┌────────

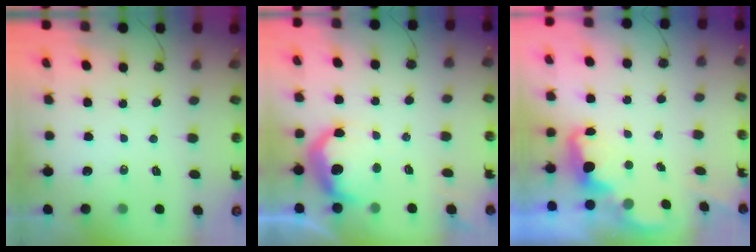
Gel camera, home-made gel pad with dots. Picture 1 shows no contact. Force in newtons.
{"total": 9.9, "press": 9.8, "slide": 0.7}
{"total": 2.3, "press": 2.2, "slide": 0.7}
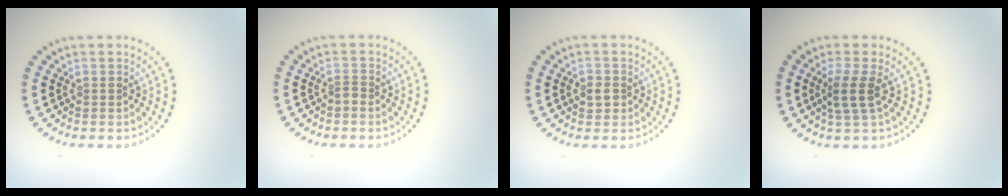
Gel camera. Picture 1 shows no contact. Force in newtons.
{"total": 0.8, "press": 0.5, "slide": 0.6}
{"total": 1.5, "press": 1.5, "slide": 0.3}
{"total": 2.5, "press": 2.0, "slide": 1.4}
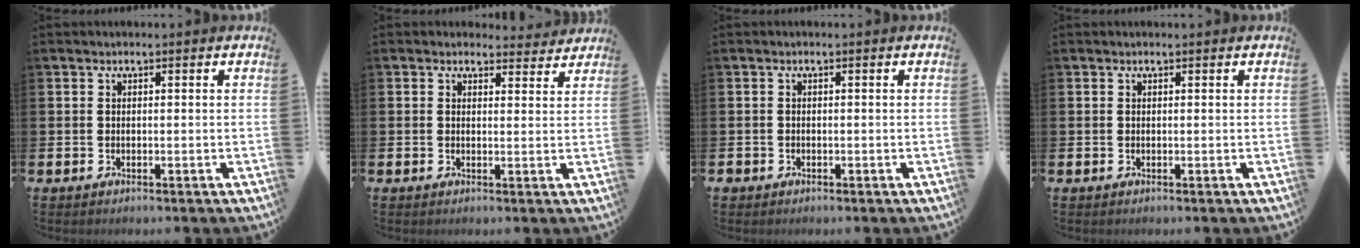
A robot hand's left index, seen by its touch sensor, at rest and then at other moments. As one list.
[{"total": 2.1, "force": [2.0, 0.7, 0.0], "torque": [0.004, -0.011, 0.032]}, {"total": 0.8, "force": [-0.5, 0.6, 0.0], "torque": [-0.002, 0.004, -0.013]}, {"total": 0.0}]
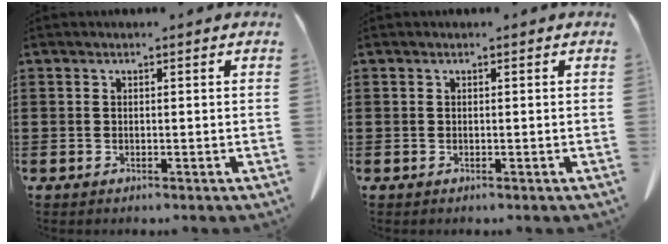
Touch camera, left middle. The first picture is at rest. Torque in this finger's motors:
{"motor_torque": [1.10, -1.04, 0.03, 0.01]}
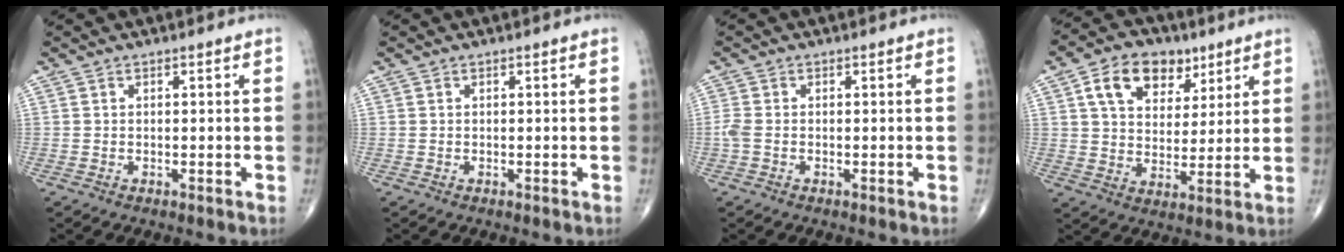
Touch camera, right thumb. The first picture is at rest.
{"total": 0.0}
{"total": 1.8, "force": [-0.5, 1.0, 1.5], "torque": [-0.044, -0.003, -0.015]}
{"total": 13.0, "force": [6.1, 8.8, 7.4], "torque": [-0.090, -0.013, 0.107]}
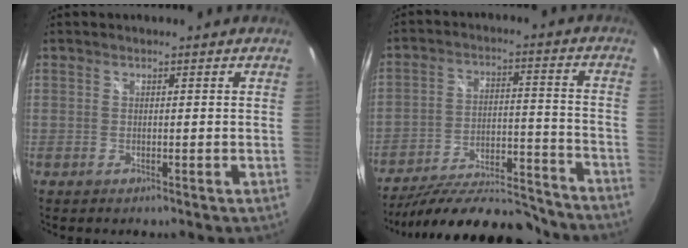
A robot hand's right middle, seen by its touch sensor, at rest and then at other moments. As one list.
[{"total": 22.6, "force": [-19.9, 5.8, 9.1], "torque": [-0.160, -0.007, -0.271]}]
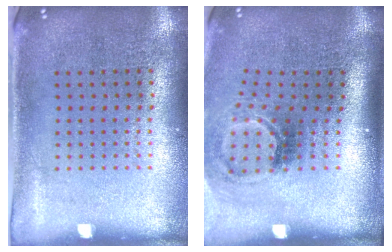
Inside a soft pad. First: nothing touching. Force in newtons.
{"total": 1.9, "press": 1.2, "slide": 1.5}
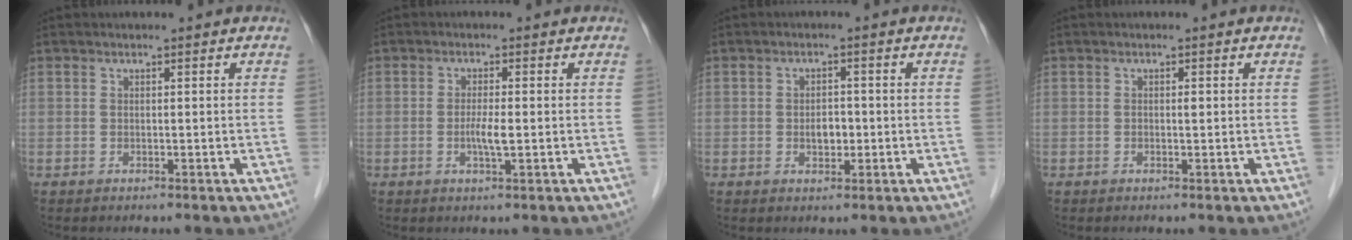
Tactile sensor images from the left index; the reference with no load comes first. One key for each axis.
{"total": 2.6, "fx": -0.5, "fy": 0.4, "fz": 2.6, "tx": -0.045, "ty": -0.005, "tz": -0.008}
{"total": 2.7, "fx": -0.6, "fy": 1.8, "fz": 1.9, "tx": -0.024, "ty": 0.000, "tz": -0.005}
{"total": 0.5, "fx": -0.1, "fy": 0.3, "fz": 0.5, "tx": -0.004, "ty": -0.004, "tz": -0.003}
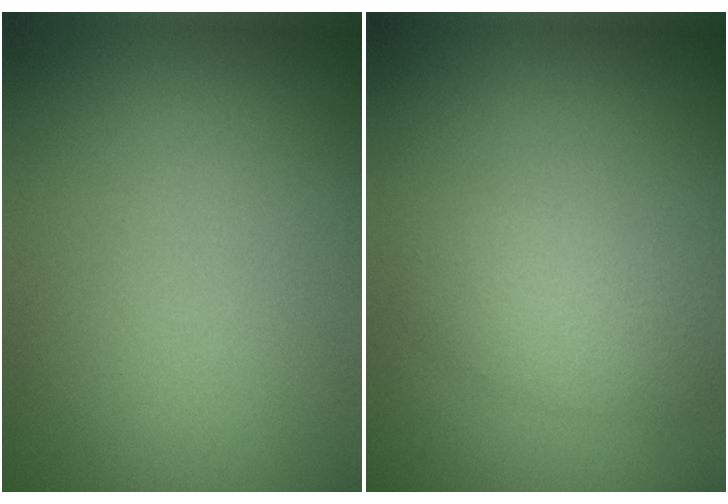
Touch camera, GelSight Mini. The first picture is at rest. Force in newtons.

└────────

- _Problem_: From the records given above, reproduce all text exactly and exclude each picture.

- _Result for this exercise_:
Gel camera, home-made gel pad with dots. Picture 1 shows no contact. Force in newtons.
{"total": 9.9, "press": 9.8, "slide": 0.7}
{"total": 2.3, "press": 2.2, "slide": 0.7}
Gel camera. Picture 1 shows no contact. Force in newtons.
{"total": 0.8, "press": 0.5, "slide": 0.6}
{"total": 1.5, "press": 1.5, "slide": 0.3}
{"total": 2.5, "press": 2.0, "slide": 1.4}
A robot hand's left index, seen by its touch sensor, at rest and then at other moments. As one list.
[{"total": 2.1, "force": [2.0, 0.7, 0.0], "torque": [0.004, -0.011, 0.032]}, {"total": 0.8, "force": [-0.5, 0.6, 0.0], "torque": [-0.002, 0.004, -0.013]}, {"total": 0.0}]
Touch camera, left middle. The first picture is at rest. Torque in this finger's motors:
{"motor_torque": [1.10, -1.04, 0.03, 0.01]}
Touch camera, right thumb. The first picture is at rest.
{"total": 0.0}
{"total": 1.8, "force": [-0.5, 1.0, 1.5], "torque": [-0.044, -0.003, -0.015]}
{"total": 13.0, "force": [6.1, 8.8, 7.4], "torque": [-0.090, -0.013, 0.107]}
A robot hand's right middle, seen by its touch sensor, at rest and then at other moments. As one list.
[{"total": 22.6, "force": [-19.9, 5.8, 9.1], "torque": [-0.160, -0.007, -0.271]}]
Inside a soft pad. First: nothing touching. Force in newtons.
{"total": 1.9, "press": 1.2, "slide": 1.5}
Tactile sensor images from the left index; the reference with no load comes first. One key for each axis.
{"total": 2.6, "fx": -0.5, "fy": 0.4, "fz": 2.6, "tx": -0.045, "ty": -0.005, "tz": -0.008}
{"total": 2.7, "fx": -0.6, "fy": 1.8, "fz": 1.9, "tx": -0.024, "ty": 0.000, "tz": -0.005}
{"total": 0.5, "fx": -0.1, "fy": 0.3, "fz": 0.5, "tx": -0.004, "ty": -0.004, "tz": -0.003}
Touch camera, GelSight Mini. The first picture is at rest. Force in newtons.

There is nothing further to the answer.